Карл улыбнулся и решительным шагом двинулся в пиршественный зал. За ним последовали придворные.
— Я прибыл сюда, чтобы увидеть, как будет восстановлено мое доброе имя. — Колиньи взглянул на меня. — Такого я не ожидал.
Только что я стала свидетельницей, как мой сын совершил первый свой самостоятельный поступок. Пытаясь осознать все его последствия, я внезапно ощутила недоверие к этому человеку, который, казалось, сеял раздоры всюду, где ни появлялся.
— Я ведь сказала когда-то, что введу тебя в Совет, — наконец проговорила я.
— Да, сказала. — Он помолчал. — Я должен попросить у тебя прощения.
Я прямо взглянула ему в глаза — уже не те, что знала когда-то.
— Нет, не нужно извинений. Не стоит ворошить прошлое.
— Стоит, — возразил он. — Только глядя в лицо прошлому, можно обрести мир.
Я не знала, какой мир он имеет в виду, да и не желала знать. Я совершила ошибку. Сейчас мне хотелось только одного — чтобы он покинул двор и навсегда исчез из моей жизни. Память о том, как мы были близки, обо всем, что было между нами, навалилась сейчас невыносимой тяжестью.
— Скорбь о жене лишила меня силы духа, — продолжал он. — Я был потерян, испуган… и злоупотребил твоим доверием. Я не хотел причинить тебе боль. Если ты не хочешь, чтобы я здесь остался, — я не останусь.
— Так ты по-прежнему считаешь, что это было мое решение? — Я не могла поверить своим ушам. — Мое? После всего, что было, ты смеешь взваливать это бремя на меня? Кажется, ты забыл, с чего все началось и почему разрушилось! Не я взялась за оружие и развязала войну, не я решилась…
Я осеклась на полуслове. По глазам Колиньи, по тому, как окаменело его лицо, было видно: он знает, что я хотела сказать.

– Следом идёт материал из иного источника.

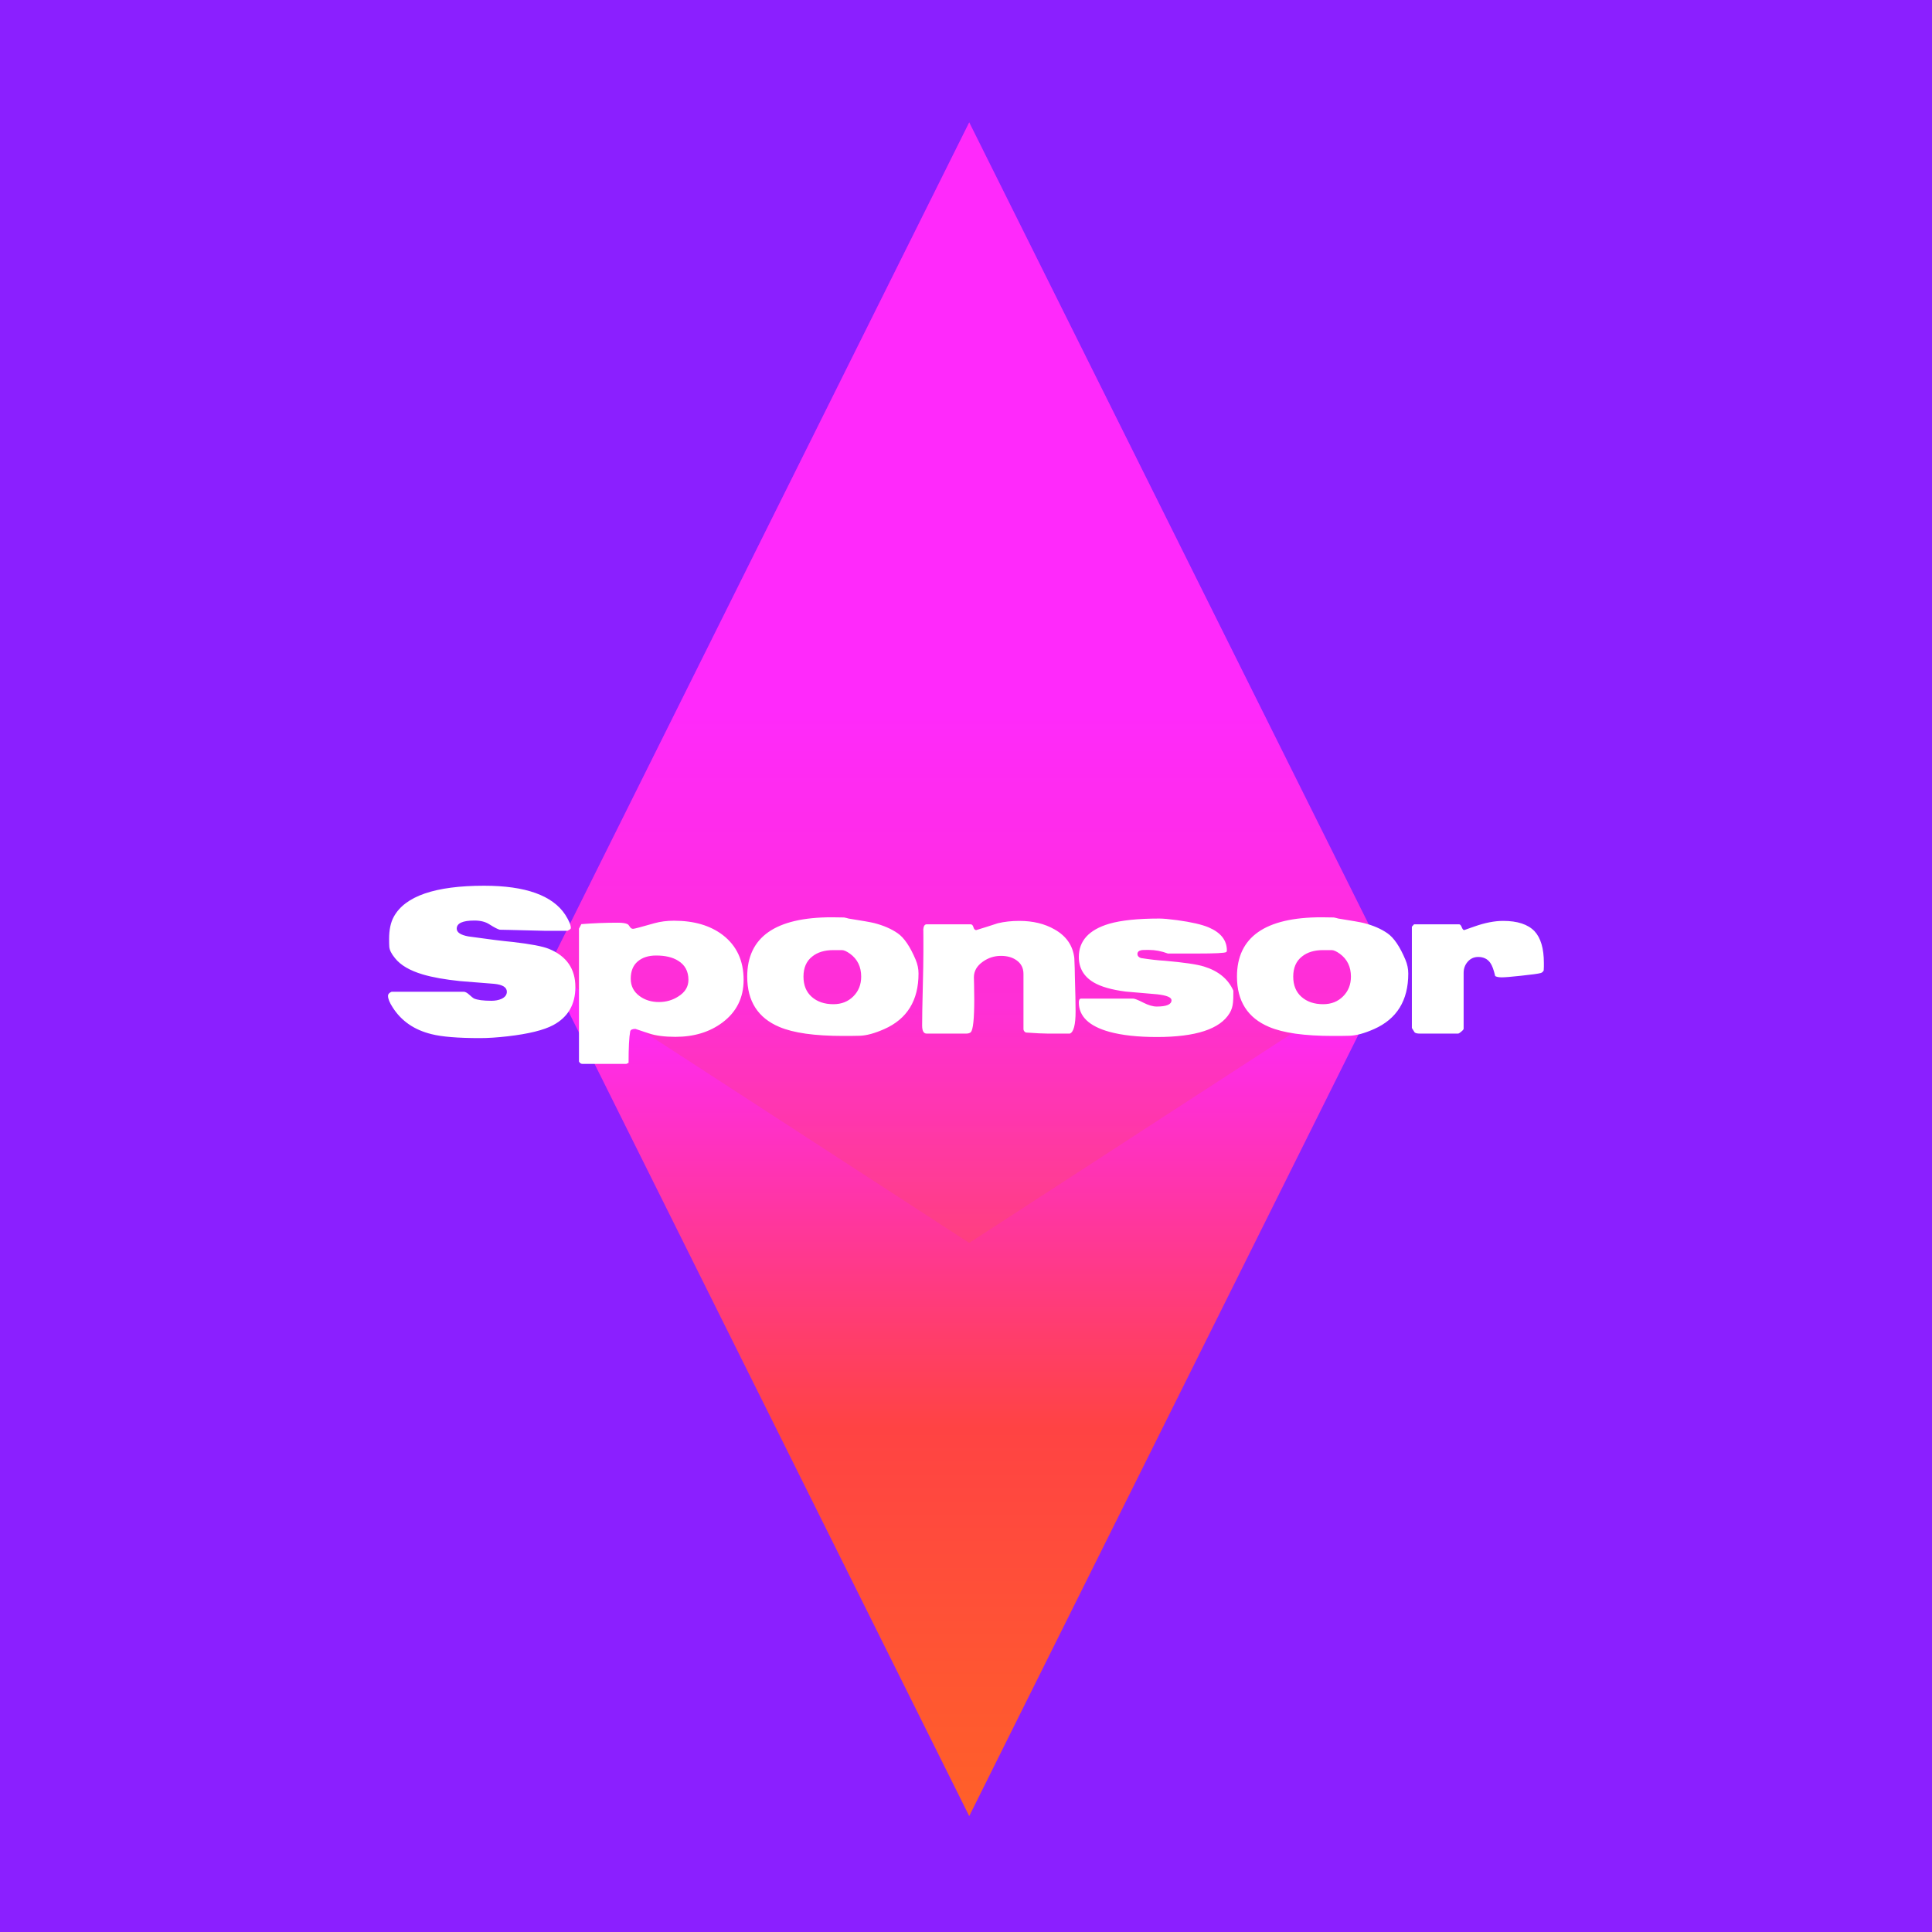 <?xml version="1.0" encoding="UTF-8"?>
<svg width="300px" height="300px" viewBox="0 0 300 300" version="1.1" xmlns="http://www.w3.org/2000/svg" xmlns:xlink="http://www.w3.org/1999/xlink">
    <!-- Generator: Sketch 52 (66869) - http://www.bohemiancoding.com/sketch -->
    <title>Sponsor</title>
    <desc>Created with Sketch.</desc>
    <defs>
        <linearGradient x1="50%" y1="52.247%" x2="50%" y2="100%" id="linearGradient-1">
            <stop stop-color="#FF29FB" offset="0%"></stop>
            <stop stop-color="#FF4343" offset="52.247%"></stop>
            <stop stop-color="#FF6029" offset="100%"></stop>
        </linearGradient>
    </defs>
    <g id="Page-1" stroke="none" stroke-width="1" fill="none" fill-rule="evenodd">
        <g id="Sponsor">
            <rect id="Rectangle-Copy-48" fill="#8B1FFF" x="0" y="0" width="300" height="300"></rect>
            <polygon id="Rectangle-Copy-71" fill="url(#linearGradient-1)" points="150.5 282 85 150.5 150.5 19 216 150.5"></polygon>
            <polygon id="Rectangle-Copy-92" fill="url(#linearGradient-1)" opacity="0.2" points="150.5 193 85 150.485 150.5 19 216 150.485"></polygon>
            <path d="M60.252,154.644 C60.252,154.364 60.439,154.149 60.812,154 L72.012,154 C72.236,154 72.507,154.14 72.824,154.42 C73.216,154.775 73.468,154.98 73.58,155.036 C74.121,155.279 75.036,155.4 76.324,155.4 C76.884,155.4 77.388,155.307 77.836,155.12 C78.415,154.859 78.704,154.485 78.704,154 C78.704,153.309 78.051,152.899 76.744,152.768 C74.989,152.619 73.235,152.479 71.48,152.348 C69.109,152.105 67.168,151.76 65.656,151.312 C63.64,150.715 62.203,149.875 61.344,148.792 C60.784,148.12 60.485,147.523 60.448,147 C60.429,146.72 60.42,146.319 60.42,145.796 C60.42,144.377 60.663,143.229 61.148,142.352 C62.903,139.141 67.579,137.536 75.176,137.536 C81.597,137.536 85.797,139.039 87.776,142.044 C88.355,142.959 88.644,143.649 88.644,144.116 C88.644,144.228 88.467,144.368 88.112,144.536 L84.64,144.536 C84.472,144.536 82.605,144.489 79.04,144.396 C78.424,144.377 77.948,144.368 77.612,144.368 C77.295,144.293 76.753,144.013 75.988,143.528 C75.391,143.136 74.616,142.94 73.664,142.94 C71.835,142.94 70.92,143.36 70.92,144.2 C70.92,144.779 71.517,145.18 72.712,145.404 C75.736,145.833 78.051,146.123 79.656,146.272 C82.4,146.589 84.257,146.944 85.228,147.336 C87.972,148.456 89.344,150.435 89.344,153.272 C89.344,155.979 88.196,157.948 85.9,159.18 C84.425,159.964 82.073,160.543 78.844,160.916 C77.22,161.103 75.783,161.196 74.532,161.196 C71.116,161.196 68.605,160.991 67,160.58 C64.331,159.927 62.324,158.545 60.98,156.436 C60.495,155.689 60.252,155.092 60.252,154.644 Z M89.904,144.2 L90.268,143.5 C92.135,143.351 94.02,143.276 95.924,143.276 C96.633,143.276 97.137,143.351 97.436,143.5 C97.548,143.556 97.669,143.691 97.8,143.906 C97.931,144.121 98.099,144.228 98.304,144.228 C98.491,144.228 99.592,143.939 101.608,143.36 C102.541,143.099 103.559,142.968 104.66,142.968 C107.759,142.968 110.279,143.705 112.22,145.18 C114.385,146.841 115.468,149.165 115.468,152.152 C115.468,154.933 114.367,157.145 112.164,158.788 C110.185,160.263 107.759,161 104.884,161 C103.204,161 101.832,160.823 100.768,160.468 L98.668,159.768 C98.183,159.768 97.912,159.899 97.856,160.16 C97.688,161.056 97.604,162.68 97.604,165.032 L97.268,165.2 L90.436,165.2 C90.212,165.2 90.035,165.079 89.904,164.836 L89.904,144.2 Z M97.94,151.984 C97.94,153.104 98.397,154 99.312,154.672 C100.152,155.288 101.151,155.596 102.308,155.596 C103.428,155.596 104.436,155.307 105.332,154.728 C106.377,154.075 106.9,153.216 106.9,152.152 C106.9,150.827 106.368,149.837 105.304,149.184 C104.445,148.643 103.307,148.372 101.888,148.372 C100.693,148.372 99.737,148.68 99.018,149.296 C98.299,149.912 97.94,150.808 97.94,151.984 Z M116.028,151.648 C116.028,145.507 120.405,142.436 129.16,142.436 C129.869,142.436 130.504,142.445 131.064,142.464 C131.363,142.52 131.596,142.576 131.764,142.632 C133.892,142.968 135.217,143.201 135.74,143.332 C137.196,143.705 138.419,144.237 139.408,144.928 C140.397,145.619 141.321,146.981 142.18,149.016 C142.479,149.725 142.628,150.444 142.628,151.172 C142.628,155.353 140.855,158.228 137.308,159.796 C135.833,160.449 134.573,160.795 133.528,160.832 C132.875,160.851 132.007,160.86 130.924,160.86 C126.5,160.86 123.196,160.393 121.012,159.46 C117.689,158.06 116.028,155.456 116.028,151.648 Z M124.764,151.648 C124.764,152.992 125.193,154.042 126.052,154.798 C126.911,155.554 128.031,155.932 129.412,155.932 C130.663,155.932 131.694,155.526 132.506,154.714 C133.318,153.902 133.724,152.88 133.724,151.648 C133.724,150.117 133.145,148.932 131.988,148.092 C131.465,147.719 131.045,147.532 130.728,147.532 L129.412,147.532 C128.031,147.532 126.929,147.868 126.108,148.54 C125.212,149.249 124.764,150.285 124.764,151.648 Z M143.188,159.236 C143.188,157.967 143.221,156.067 143.286,153.538 C143.351,151.009 143.384,149.119 143.384,147.868 L143.384,145.684 C143.384,144.601 143.375,144.181 143.356,144.424 C143.393,143.827 143.571,143.528 143.888,143.528 L150.72,143.528 C150.925,143.528 151.07,143.677 151.154,143.976 C151.238,144.275 151.383,144.424 151.588,144.424 C151.625,144.424 152.153,144.261 153.17,143.934 C154.187,143.607 154.78,143.416 154.948,143.36 C155.975,143.117 157.085,142.996 158.28,142.996 C160.389,142.996 162.209,143.435 163.74,144.312 C165.569,145.339 166.596,146.823 166.82,148.764 C166.876,149.996 166.904,150.929 166.904,151.564 C166.979,154.047 167.016,155.876 167.016,157.052 C167.016,159.124 166.717,160.272 166.12,160.496 L162.704,160.496 C161.957,160.496 160.819,160.44 159.288,160.328 C159.045,160.197 158.924,160.02 158.924,159.796 L158.924,151.228 C158.924,150.313 158.56,149.604 157.832,149.1 C157.197,148.652 156.395,148.428 155.424,148.428 C154.397,148.428 153.464,148.727 152.624,149.324 C151.691,149.977 151.224,150.789 151.224,151.76 C151.224,151.704 151.233,152.087 151.252,152.908 C151.271,153.729 151.28,154.485 151.28,155.176 C151.28,158.2 151.103,159.899 150.748,160.272 C150.599,160.421 150.356,160.496 150.02,160.496 L143.888,160.496 C143.421,160.496 143.188,160.076 143.188,159.236 Z M167.52,155.652 C167.52,155.26 167.641,155.064 167.884,155.064 L175.948,155.064 C176.191,155.064 176.713,155.269 177.516,155.68 C178.319,156.091 179.019,156.296 179.616,156.296 C181.147,156.296 181.912,155.969 181.912,155.316 C181.912,154.868 181.165,154.56 179.672,154.392 C178.048,154.243 176.424,154.103 174.8,153.972 C172.616,153.692 170.955,153.216 169.816,152.544 C168.285,151.629 167.52,150.313 167.52,148.596 C167.52,146.095 169.088,144.377 172.224,143.444 C174.091,142.903 176.685,142.632 180.008,142.632 C180.605,142.632 181.539,142.716 182.808,142.884 C184.992,143.183 186.616,143.556 187.68,144.004 C189.565,144.807 190.508,146.001 190.508,147.588 C190.508,147.719 190.471,147.803 190.396,147.84 C190.191,147.989 188.679,148.064 185.86,148.064 L181.352,148.064 C180.363,147.691 179.373,147.504 178.384,147.504 C177.749,147.504 177.385,147.513 177.292,147.532 C176.844,147.607 176.62,147.812 176.62,148.148 C176.62,148.428 176.797,148.633 177.152,148.764 C178.589,148.988 179.821,149.128 180.848,149.184 C183.835,149.445 185.869,149.744 186.952,150.08 C189.192,150.771 190.713,152.021 191.516,153.832 C191.516,154.784 191.497,155.391 191.46,155.652 C191.404,156.287 191.227,156.847 190.928,157.332 C189.435,159.796 185.673,161.028 179.644,161.028 C176.676,161.028 174.212,160.757 172.252,160.216 C169.097,159.339 167.52,157.817 167.52,155.652 Z M192.076,151.648 C192.076,145.507 196.453,142.436 205.208,142.436 C205.917,142.436 206.552,142.445 207.112,142.464 C207.411,142.52 207.644,142.576 207.812,142.632 C209.94,142.968 211.265,143.201 211.788,143.332 C213.244,143.705 214.467,144.237 215.456,144.928 C216.445,145.619 217.369,146.981 218.228,149.016 C218.527,149.725 218.676,150.444 218.676,151.172 C218.676,155.353 216.903,158.228 213.356,159.796 C211.881,160.449 210.621,160.795 209.576,160.832 C208.923,160.851 208.055,160.86 206.972,160.86 C202.548,160.86 199.244,160.393 197.06,159.46 C193.737,158.06 192.076,155.456 192.076,151.648 Z M200.812,151.648 C200.812,152.992 201.241,154.042 202.1,154.798 C202.959,155.554 204.079,155.932 205.46,155.932 C206.711,155.932 207.742,155.526 208.554,154.714 C209.366,153.902 209.772,152.88 209.772,151.648 C209.772,150.117 209.193,148.932 208.036,148.092 C207.513,147.719 207.093,147.532 206.776,147.532 L205.46,147.532 C204.079,147.532 202.977,147.868 202.156,148.54 C201.26,149.249 200.812,150.285 200.812,151.648 Z M219.236,159.628 L219.236,143.892 L219.572,143.528 L226.572,143.528 C226.721,143.528 226.857,143.677 226.978,143.976 C227.099,144.275 227.225,144.424 227.356,144.424 C227.356,144.424 227.888,144.237 228.952,143.864 C230.595,143.285 232.079,142.996 233.404,142.996 C235.625,142.996 237.249,143.528 238.276,144.592 C239.247,145.637 239.732,147.28 239.732,149.52 C239.732,149.651 239.732,149.847 239.732,150.108 C239.713,150.369 239.704,150.565 239.704,150.696 C239.592,150.901 239.443,151.032 239.256,151.088 C238.864,151.2 237.856,151.34 236.232,151.508 C234.701,151.676 233.693,151.76 233.208,151.76 C232.741,151.76 232.396,151.695 232.172,151.564 C231.948,150.593 231.696,149.912 231.416,149.52 C230.987,148.904 230.361,148.596 229.54,148.596 C228.887,148.596 228.345,148.839 227.916,149.324 C227.487,149.809 227.272,150.388 227.272,151.06 L227.272,159.796 C227.216,159.908 227.081,160.053 226.866,160.23 C226.651,160.407 226.497,160.496 226.404,160.496 L220.468,160.496 C220.057,160.496 219.787,160.431 219.656,160.3 C219.525,160.076 219.385,159.852 219.236,159.628 Z" id="Sponsor-Copy" fill="#FFFFFF"></path>
        </g>
    </g>
</svg>

— Мне лучше уйти, — пробормотал он, но я остановила его, не дав завершить поклон:
— Нет.
Колиньи замер.
— Нет, — повторила я. — Мой сын попросил тебя служить нам. Так решил он сам, и я не стану оспаривать его решение. — Я вздернула подбородок. — Ты просил о прощении. Я тебя прощаю.
— Тогда, — отозвался он, — я сделаю все, что в моих силах, дабы оказаться достойным твоего прощения.
С этими словами Колиньи подал мне руку. Сдерживая слезы, отчетливо сознавая, что былая близость между нами сгинула навек, я оперлась на его руку и позволила сопроводить меня в пиршественный зал.